Other ocular pathogens and mechanisms can cause similar intraocular inflammation such as endogenous endophthalmitis, the use of cidofovir, and IRU in patients with tuberculosis and toxoplasmosis. In our case, we attribute the hypopyon and posterior segment inflammatory response to increased immune function as a result of HAART because no other ocular pathogens besides CMV were found, the lesions in retina were suggestive of CMV retinitis, and the patient had not undergone treatment with cidofovir.

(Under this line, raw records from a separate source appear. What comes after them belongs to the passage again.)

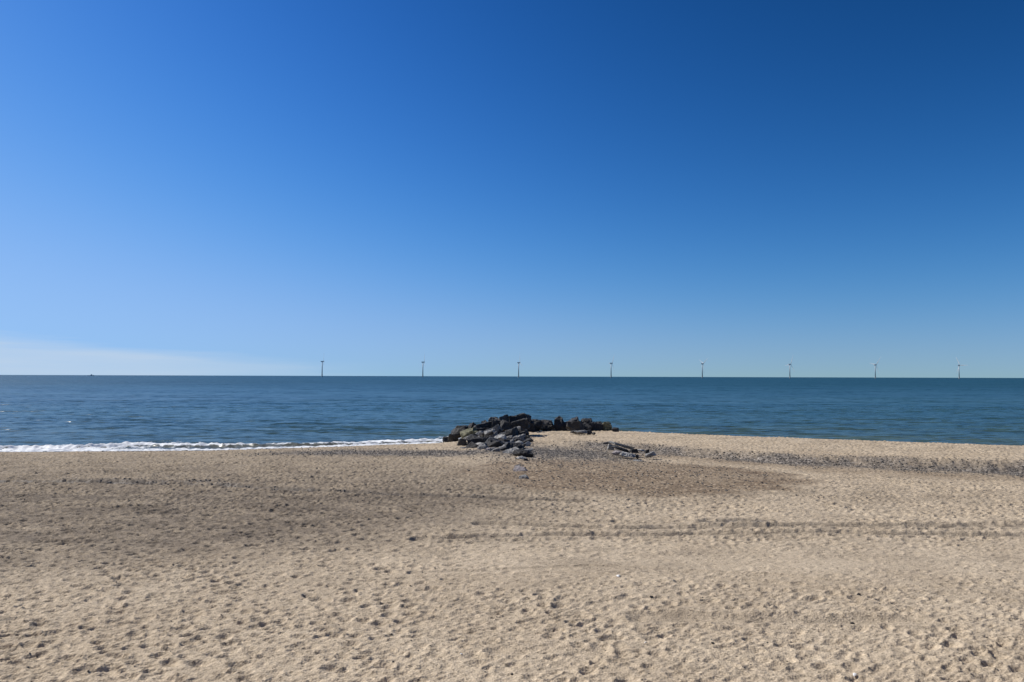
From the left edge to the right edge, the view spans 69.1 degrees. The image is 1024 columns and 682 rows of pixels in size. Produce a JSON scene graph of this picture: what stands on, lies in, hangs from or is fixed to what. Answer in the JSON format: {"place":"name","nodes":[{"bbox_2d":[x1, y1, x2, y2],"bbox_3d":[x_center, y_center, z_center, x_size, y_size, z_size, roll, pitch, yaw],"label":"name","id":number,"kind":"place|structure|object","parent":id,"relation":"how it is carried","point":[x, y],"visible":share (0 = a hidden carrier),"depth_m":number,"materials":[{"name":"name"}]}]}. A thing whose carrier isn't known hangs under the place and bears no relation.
{"place":"outdoors","nodes":[
{"label":"outdoors","id":0,"kind":"place"},
{"bbox_2d":[0,430,1023,681],"bbox_3d":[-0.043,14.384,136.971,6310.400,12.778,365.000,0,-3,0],"label":"beach","id":1,"kind":"structure","parent":0,"point":[98,592],"depth_m":27.61,"materials":[{"name":"beige sand"}]},
{"bbox_2d":[442,436,449,441],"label":"rock","id":2,"kind":"object","parent":1,"relation":"on","point":[444,438],"visible":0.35,"depth_m":94.40,"materials":[{"name":"grey stone"}]},
{"bbox_2d":[448,434,458,441],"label":"rock","id":3,"kind":"object","parent":1,"relation":"on","point":[452,438],"visible":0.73,"depth_m":91.32,"materials":[{"name":"black stone"}]},
{"bbox_2d":[451,425,467,437],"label":"rock","id":4,"kind":"object","parent":1,"relation":"on","point":[457,429],"visible":0.59,"depth_m":93.31,"materials":[{"name":"grey stone"}]},
{"bbox_2d":[457,438,466,445],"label":"rock","id":5,"kind":"object","parent":1,"relation":"on","point":[462,441],"visible":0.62,"depth_m":79.02,"materials":[{"name":"grey stone"}]},
{"bbox_2d":[460,427,477,437],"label":"rock","id":6,"kind":"object","parent":1,"relation":"on","point":[466,432],"visible":0.57,"depth_m":87.93,"materials":[{"name":"stone"}]},
{"bbox_2d":[465,441,478,447],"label":"rock","id":7,"kind":"object","parent":1,"relation":"on","point":[471,444],"visible":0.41,"depth_m":75.83,"materials":[{"name":"grey stone"}]},
{"bbox_2d":[468,422,475,428],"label":"rock","id":8,"kind":"object","parent":1,"relation":"on","point":[471,425],"visible":0.37,"depth_m":93.45,"materials":[{"name":"grey stone"}]},
{"bbox_2d":[467,435,486,443],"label":"rock","id":9,"kind":"object","parent":1,"relation":"on","point":[474,438],"visible":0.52,"depth_m":79.23,"materials":[{"name":"grey stone"}]},
{"bbox_2d":[475,430,485,435],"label":"rock","id":10,"kind":"object","parent":1,"relation":"on","point":[479,433],"visible":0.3,"depth_m":86.97,"materials":[{"name":"grey stone"}]},
{"bbox_2d":[474,421,491,427],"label":"rock","id":11,"kind":"object","parent":1,"relation":"on","point":[488,424],"visible":0.39,"depth_m":91.56,"materials":[{"name":"grey stone"}]},
{"bbox_2d":[477,444,488,448],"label":"rock","id":12,"kind":"object","parent":1,"relation":"on","point":[484,446],"visible":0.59,"depth_m":73.62,"materials":[{"name":"grey stone"}]},
{"bbox_2d":[476,428,490,431],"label":"rock","id":13,"kind":"object","parent":1,"relation":"on","point":[481,429],"visible":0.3,"depth_m":90.13,"materials":[{"name":"grey stone"}]},
{"bbox_2d":[484,431,493,437],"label":"rock","id":14,"kind":"object","parent":1,"relation":"on","point":[488,434],"visible":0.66,"depth_m":84.57,"materials":[{"name":"grey stone"}]},
{"bbox_2d":[481,424,503,436],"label":"rock","id":15,"kind":"object","parent":1,"relation":"on","point":[497,427],"visible":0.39,"depth_m":87.58,"materials":[{"name":"grey stone"}]},
{"bbox_2d":[487,441,502,446],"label":"rock","id":16,"kind":"object","parent":1,"relation":"on","point":[495,444],"visible":0.69,"depth_m":75.90,"materials":[{"name":"grey stone"}]},
{"bbox_2d":[485,436,504,443],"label":"rock","id":17,"kind":"object","parent":1,"relation":"on","point":[490,439],"visible":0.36,"depth_m":77.32,"materials":[{"name":"grey stone"}]},
{"bbox_2d":[492,419,500,427],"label":"rock","id":18,"kind":"object","parent":1,"relation":"on","point":[495,422],"visible":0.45,"depth_m":90.83,"materials":[{"name":"grey stone"}]},
{"bbox_2d":[494,434,506,440],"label":"rock","id":19,"kind":"object","parent":1,"relation":"on","point":[502,437],"visible":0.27,"depth_m":80.56,"materials":[{"name":"grey stone"}]},
{"bbox_2d":[499,414,509,422],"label":"rock","id":20,"kind":"object","parent":1,"relation":"on","point":[505,417],"visible":0.52,"depth_m":91.85,"materials":[{"name":"grey stone"}]},
{"bbox_2d":[500,420,511,430],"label":"rock","id":21,"kind":"object","parent":1,"relation":"on","point":[505,425],"visible":0.53,"depth_m":89.82,"materials":[{"name":"grey stone"}]},
{"bbox_2d":[500,427,518,436],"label":"rock","id":22,"kind":"object","parent":1,"relation":"on","point":[514,431],"visible":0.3,"depth_m":83.93,"materials":[{"name":"grey stone"}]},
{"bbox_2d":[503,447,518,453],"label":"rock","id":23,"kind":"object","parent":1,"relation":"on","point":[509,451],"visible":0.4,"depth_m":68.26,"materials":[{"name":"grey stone"}]},
{"bbox_2d":[509,415,516,422],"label":"rock","id":24,"kind":"object","parent":1,"relation":"on","point":[512,418],"visible":0.73,"depth_m":91.42,"materials":[{"name":"grey stone"}]},
{"bbox_2d":[504,442,524,449],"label":"rock","id":25,"kind":"object","parent":1,"relation":"on","point":[508,445],"visible":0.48,"depth_m":72.59,"materials":[{"name":"grey stone"}]},
{"bbox_2d":[513,434,525,441],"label":"rock","id":26,"kind":"object","parent":1,"relation":"on","point":[521,436],"visible":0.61,"depth_m":82.78,"materials":[{"name":"grey stone"}]},
{"bbox_2d":[511,418,529,429],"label":"rock","id":27,"kind":"object","parent":1,"relation":"on","point":[523,423],"visible":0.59,"depth_m":89.72,"materials":[{"name":"grey stone"}]},
{"bbox_2d":[513,465,527,470],"bbox_3d":[0.739,9.583,55.204,1.270,0.638,0.994,0,-3,11],"label":"rock","id":28,"kind":"object","parent":1,"relation":"on","point":[518,468],"visible":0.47,"depth_m":54.93,"materials":[{"name":"grey stone"}]},
{"bbox_2d":[512,449,533,456],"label":"rock","id":29,"kind":"object","parent":1,"relation":"on","point":[523,453],"visible":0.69,"depth_m":65.26,"materials":[{"name":"grey stone"}]},
{"bbox_2d":[516,413,530,423],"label":"rock","id":30,"kind":"object","parent":1,"relation":"on","point":[522,416],"visible":0.59,"depth_m":91.39,"materials":[{"name":"grey stone"}]},
{"bbox_2d":[519,474,528,478],"bbox_3d":[0.840,9.434,51.153,0.799,0.501,0.553,0,-3,0],"label":"stone","id":31,"kind":"object","parent":1,"relation":"on","point":[524,476],"visible":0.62,"depth_m":51.01,"materials":[{"name":"grey stone"}]},
{"bbox_2d":[528,421,534,431],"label":"rock","id":32,"kind":"object","parent":1,"relation":"on","point":[532,427],"visible":0.54,"depth_m":96.79,"materials":[{"name":"grey stone"}]},
{"bbox_2d":[532,419,540,430],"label":"rock","id":33,"kind":"object","parent":1,"relation":"on","point":[537,423],"visible":0.67,"depth_m":97.91,"materials":[{"name":"grey stone"}]},
{"bbox_2d":[539,420,555,430],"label":"rock","id":34,"kind":"object","parent":1,"relation":"on","point":[543,424],"visible":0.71,"depth_m":98.67,"materials":[{"name":"grey stone"}]},
{"bbox_2d":[545,422,554,430],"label":"rock","id":35,"kind":"object","parent":1,"relation":"on","point":[549,426],"visible":0.92,"depth_m":98.43,"materials":[{"name":"grey stone"}]},
{"bbox_2d":[554,415,567,430],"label":"rock","id":36,"kind":"object","parent":1,"relation":"on","point":[559,424],"visible":0.81,"depth_m":98.90,"materials":[{"name":"grey stone"}]},
{"bbox_2d":[569,416,578,421],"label":"rock","id":37,"kind":"object","parent":1,"relation":"on","point":[574,419],"visible":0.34,"depth_m":101.67,"materials":[{"name":"grey stone"}]},
{"bbox_2d":[566,421,584,430],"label":"rock","id":38,"kind":"object","parent":1,"relation":"on","point":[575,425],"visible":0.73,"depth_m":97.11,"materials":[{"name":"grey stone"}]},
{"bbox_2d":[574,430,587,433],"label":"rock","id":39,"kind":"object","parent":1,"relation":"on","point":[581,432],"visible":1,"depth_m":91.46,"materials":[{"name":"grey stone"}]},
{"bbox_2d":[581,418,592,422],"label":"rock","id":40,"kind":"object","parent":1,"relation":"on","point":[586,420],"visible":0.36,"depth_m":101.53,"materials":[{"name":"grey stone"}]},
{"bbox_2d":[582,423,591,429],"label":"rock","id":41,"kind":"object","parent":1,"relation":"on","point":[587,426],"visible":0.45,"depth_m":98.38,"materials":[{"name":"grey stone"}]},
{"bbox_2d":[588,421,594,430],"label":"rock","id":42,"kind":"object","parent":1,"relation":"on","point":[591,423],"visible":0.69,"depth_m":98.79,"materials":[{"name":"grey stone"}]},
{"bbox_2d":[593,421,602,430],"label":"rock","id":43,"kind":"object","parent":1,"relation":"on","point":[598,426],"visible":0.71,"depth_m":98.91,"materials":[{"name":"grey stone"}]},
{"bbox_2d":[602,422,611,430],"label":"rock","id":44,"kind":"object","parent":1,"relation":"on","point":[607,426],"visible":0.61,"depth_m":99.20,"materials":[{"name":"stone"}]},
{"bbox_2d":[607,443,613,449],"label":"stone","id":45,"kind":"object","parent":1,"relation":"on","point":[609,447],"visible":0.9,"depth_m":71.47,"materials":[{"name":"grey stone"}]},
{"bbox_2d":[611,427,618,431],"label":"rock","id":46,"kind":"object","parent":1,"relation":"on","point":[614,429],"visible":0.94,"depth_m":97.37,"materials":[{"name":"grey stone"}]},
{"bbox_2d":[611,450,621,454],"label":"rock","id":47,"kind":"object","parent":1,"relation":"on","point":[616,452],"visible":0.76,"depth_m":68.39,"materials":[{"name":"grey stone"}]},
{"bbox_2d":[611,445,628,452],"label":"rock","id":48,"kind":"object","parent":1,"relation":"on","point":[620,448],"visible":0.95,"depth_m":70.18,"materials":[{"name":"grey stone"}]},
{"bbox_2d":[609,441,634,448],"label":"rock","id":49,"kind":"object","parent":1,"relation":"on","point":[622,445],"visible":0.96,"depth_m":71.21,"materials":[{"name":"grey stone"}]},
{"bbox_2d":[619,451,635,457],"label":"rock","id":50,"kind":"object","parent":1,"relation":"on","point":[623,453],"visible":0.97,"depth_m":67.36,"materials":[{"name":"grey stone"}]},
{"bbox_2d":[629,449,638,452],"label":"stone","id":51,"kind":"object","parent":1,"relation":"on","point":[633,451],"visible":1,"depth_m":69.43,"materials":[{"name":"grey stone"}]},
{"bbox_2d":[645,451,655,457],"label":"stone","id":52,"kind":"object","parent":1,"relation":"on","point":[650,454],"visible":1,"depth_m":67.42,"materials":[{"name":"grey stone"}]},
{"bbox_2d":[0,375,1023,451],"bbox_3d":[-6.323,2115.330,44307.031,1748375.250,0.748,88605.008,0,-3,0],"label":"sea","id":53,"kind":"structure","parent":0,"point":[51,413],"depth_m":198.43,"materials":[{"name":"liquid"}]},
{"bbox_2d":[0,0,1023,377],"label":"sky","id":54,"kind":"structure","parent":0,"point":[554,188],"materials":[{"name":"blue"}]},
{"bbox_2d":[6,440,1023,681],"bbox_3d":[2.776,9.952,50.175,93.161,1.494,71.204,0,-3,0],"label":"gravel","id":55,"kind":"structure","parent":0,"point":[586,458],"depth_m":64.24,"materials":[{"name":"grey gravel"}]}
]}

Initiation of HAART should be delayed until after the induction phase of anti-CMV therapy, as the reduction of antigen load with anti-CMV agents may reduce potential risk of IRU [16].

There are several anti-CMV drugs available including ganciclovir and its prodrug valganciclovir, foscarnet, cidofovir, and fomivirsen. The most commonly used are the ganciclovir intraocular implant and oral valganciclovir. The implant has the advantage of not causing systemic toxicity, but it does not protect against systemic CMV or contralateral CMV retinitis.

Treatment starts with high-dose induction therapy. Maintenance treatment should be continued until immune recovery is achieved because none of the anti-CMV drugs available eradicate ocular and systemic CMV antigens in the immunocompromised patient.

Anti-CMV therapy is important during immune recovery because it has been proved to be protective against the development of IRU by reducing the amount of CMV antigens in the retina, although it is has not shown a favorable cost-effectiveness ratio where there are no signs of CMV retinitis [16].

CMV retinitis screening is recommended at 3-month intervals in patients with a CD4+ T-lymphocyte count inferior to 50 cells/μL because 15% of patients with active CMV retinitis are asymptomatic.

Our patient did not undergo any ophthalmological examination before starting HAART. If so, he could have been diagnosed with active CMV retinitis and HAART would have been delayed until after the induction phase and he could have had a less severe inflammatory reaction.

4. Conclusion

Although the incidence of CMV retinitis has markedly decreased with the improved immune function that has resulted from the institution of HAART, it remains an important problem in the HAART era; new cases continue to be seen, not only among those for whom this therapy is not available, but also in patients who develop resistance to it.

The prevalence of IRU is substantial among eyes of patients with immune recovery, and it is an important cause of visual morbidity.

IRU usually develops in patients with inactive CMV retinitis; however, it can rarely occur in eyes with active CMV retinitis (as seen in our case).

Our case demonstrates the importance of ophthalmological screening in all patients before the initiation of antiretroviral therapy, reducing the probability of a prominent inflammatory response in the presence of an active infection.